**WORK ORDER**.
Transcribe each record precisely; images stay out.

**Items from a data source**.
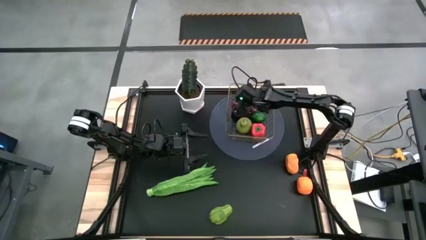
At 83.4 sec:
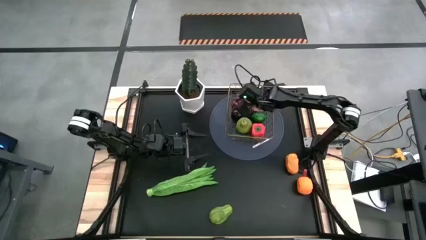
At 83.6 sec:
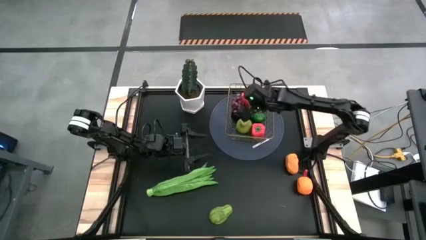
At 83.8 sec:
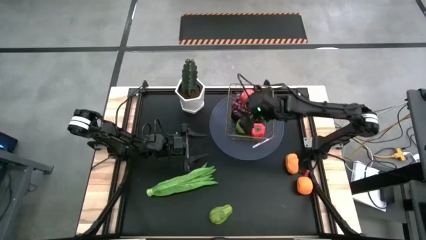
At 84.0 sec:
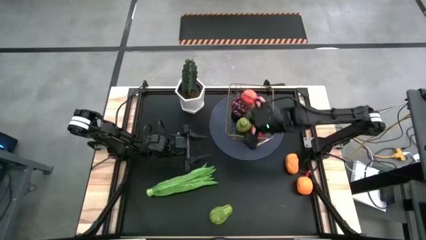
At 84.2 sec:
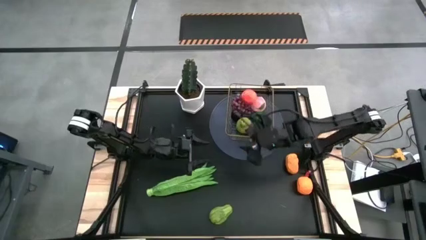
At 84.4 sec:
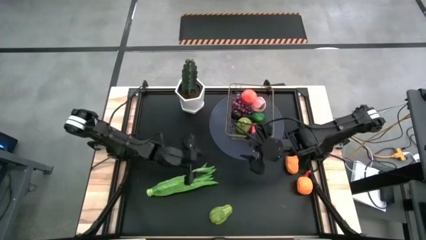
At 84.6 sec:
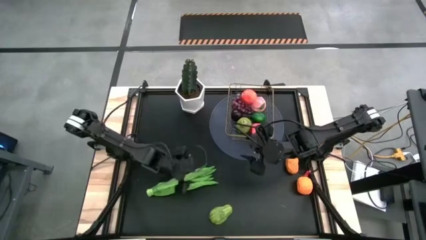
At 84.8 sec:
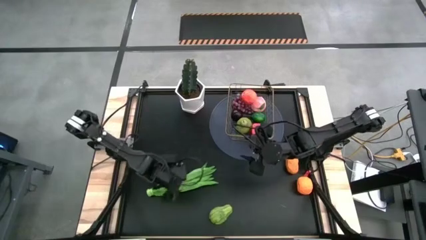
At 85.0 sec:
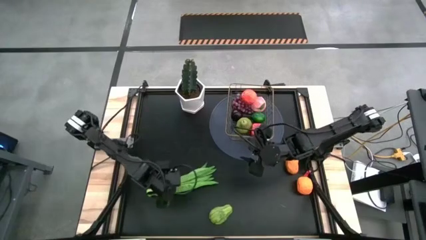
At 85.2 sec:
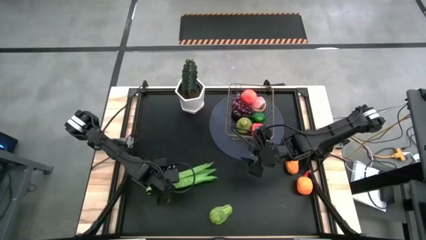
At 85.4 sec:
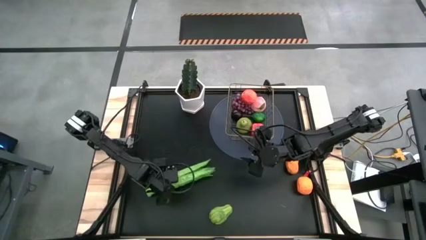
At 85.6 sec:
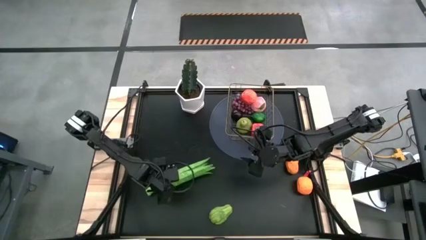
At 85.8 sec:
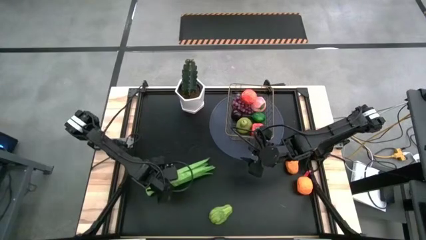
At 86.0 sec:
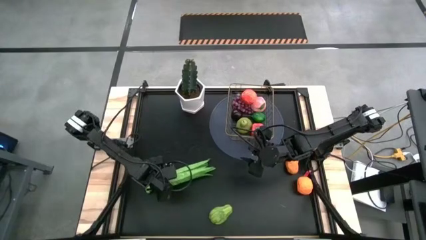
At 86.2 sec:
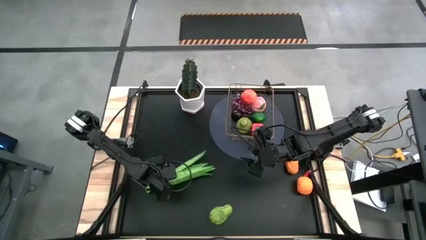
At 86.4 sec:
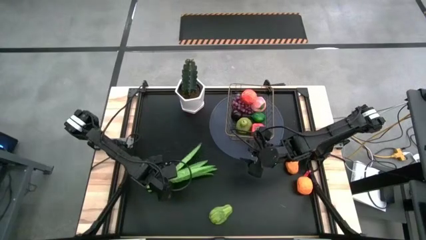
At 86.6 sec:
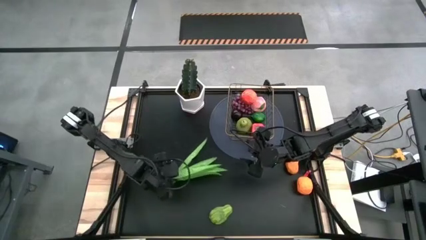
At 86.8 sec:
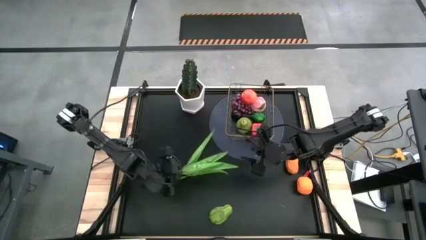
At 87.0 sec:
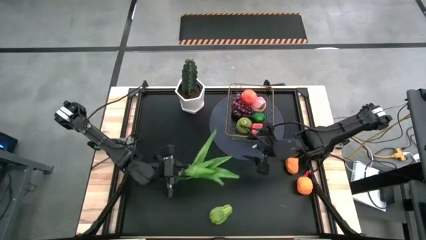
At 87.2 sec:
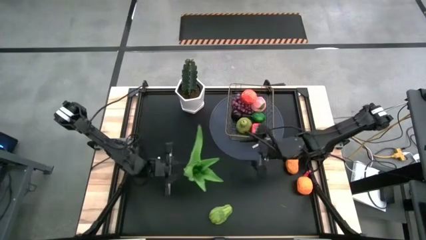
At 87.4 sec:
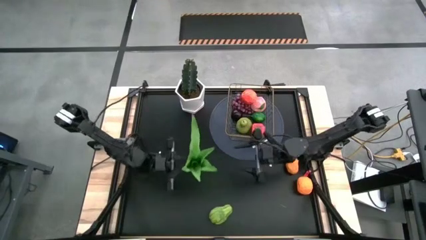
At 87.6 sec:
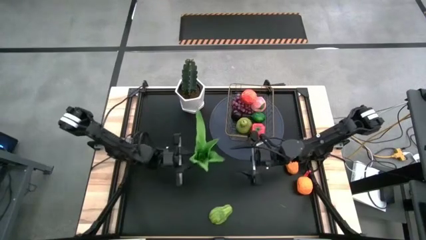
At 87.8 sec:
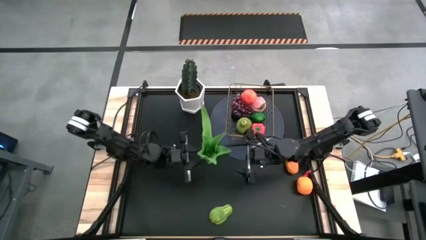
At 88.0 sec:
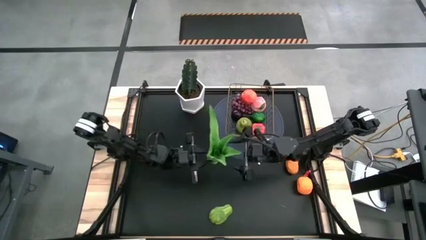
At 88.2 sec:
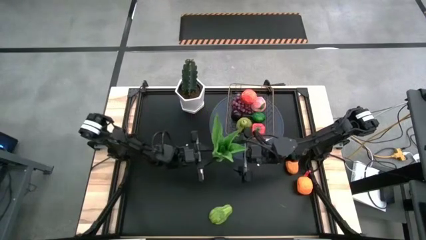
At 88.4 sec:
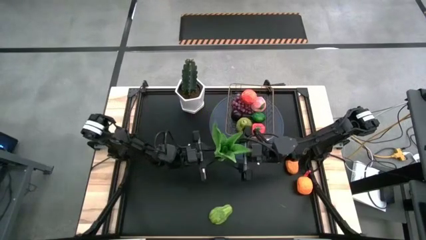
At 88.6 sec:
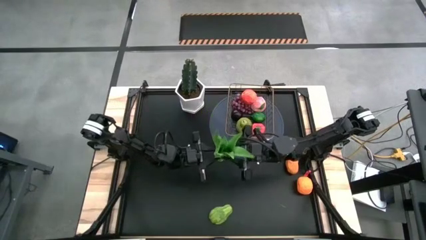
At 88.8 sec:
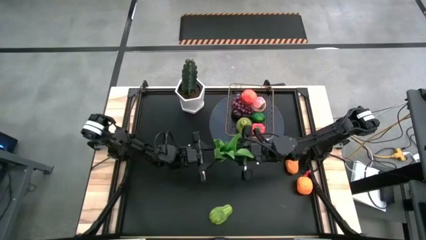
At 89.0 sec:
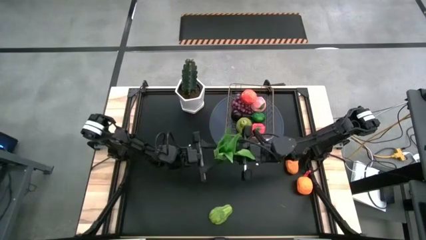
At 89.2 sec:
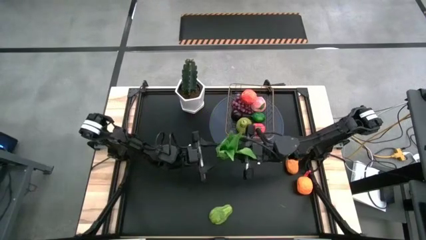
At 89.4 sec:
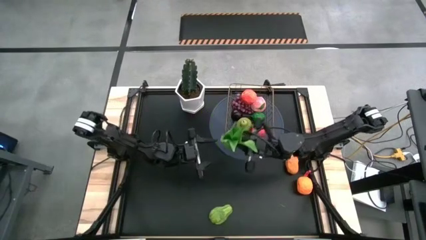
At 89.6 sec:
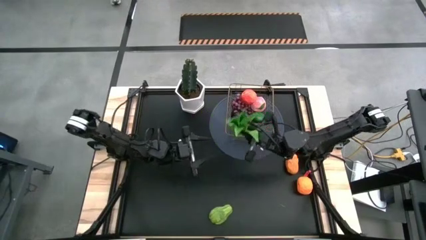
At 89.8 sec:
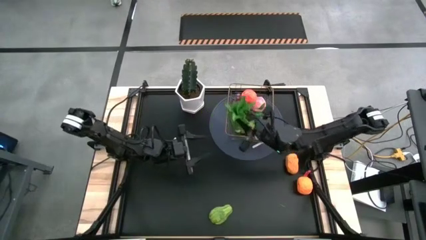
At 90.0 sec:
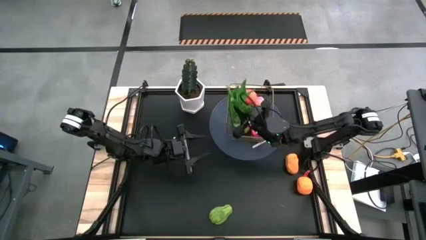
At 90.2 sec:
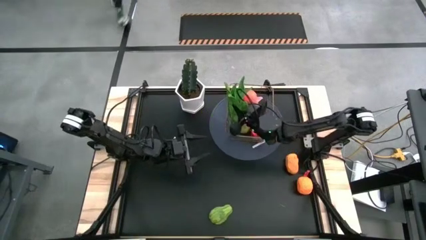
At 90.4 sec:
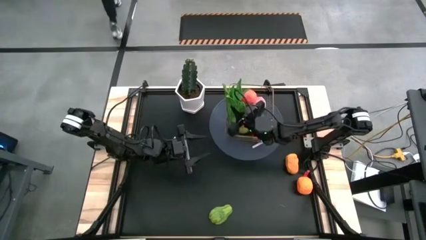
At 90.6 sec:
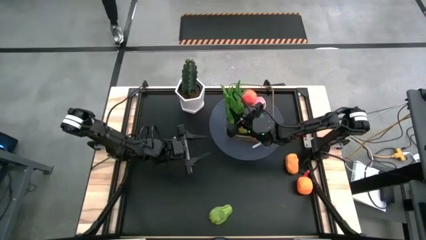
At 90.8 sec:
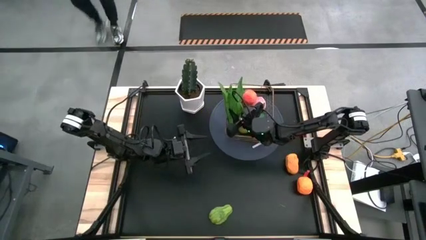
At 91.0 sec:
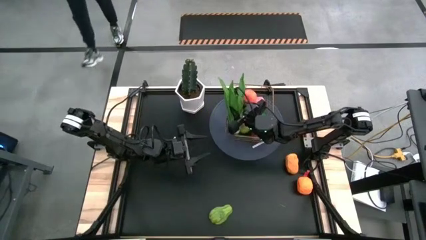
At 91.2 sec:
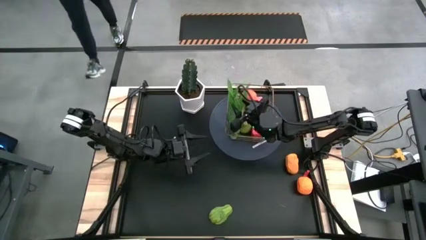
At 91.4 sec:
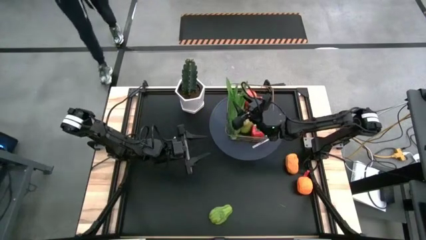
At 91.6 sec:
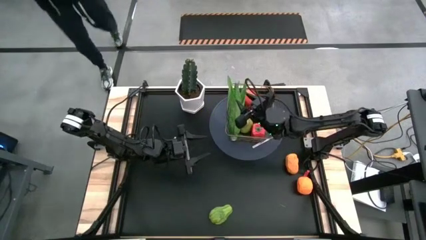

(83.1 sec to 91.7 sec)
Task: Build produce basket
Put the green leaf lettuce into the gold wire basket

**TASK SOLUTION**.
At 83.4 sec:
At 83.6 sec:
At 83.8 sec:
At 84.0 sec:
At 84.2 sec:
At 84.4 sec:
At 84.6 sec:
At 84.8 sec:
At 85.0 sec:
At 85.2 sec:
At 85.4 sec:
At 85.6 sec:
At 85.8 sec:
At 86.0 sec:
At 86.2 sec:
At 86.4 sec:
At 86.6 sec:
At 86.8 sec:
At 87.0 sec:
At 87.2 sec:
At 87.4 sec:
At 87.6 sec:
At 87.8 sec:
At 88.0 sec:
At 88.2 sec:
At 88.4 sec:
At 88.6 sec:
At 88.8 sec:
At 89.0 sec:
At 89.2 sec:
At 89.4 sec:
At 89.6 sec:
At 89.8 sec:
At 90.0 sec:
At 90.2 sec:
At 90.4 sec:
At 90.6 sec:
At 90.8 sec:
At 91.0 sec:
At 91.2 sec:
At 91.4 sec:
At 91.6 sec:

(83.1 sec to 91.7 sec)
Task: Build produce basket
Put the green leaf lettuce into the gold wire basket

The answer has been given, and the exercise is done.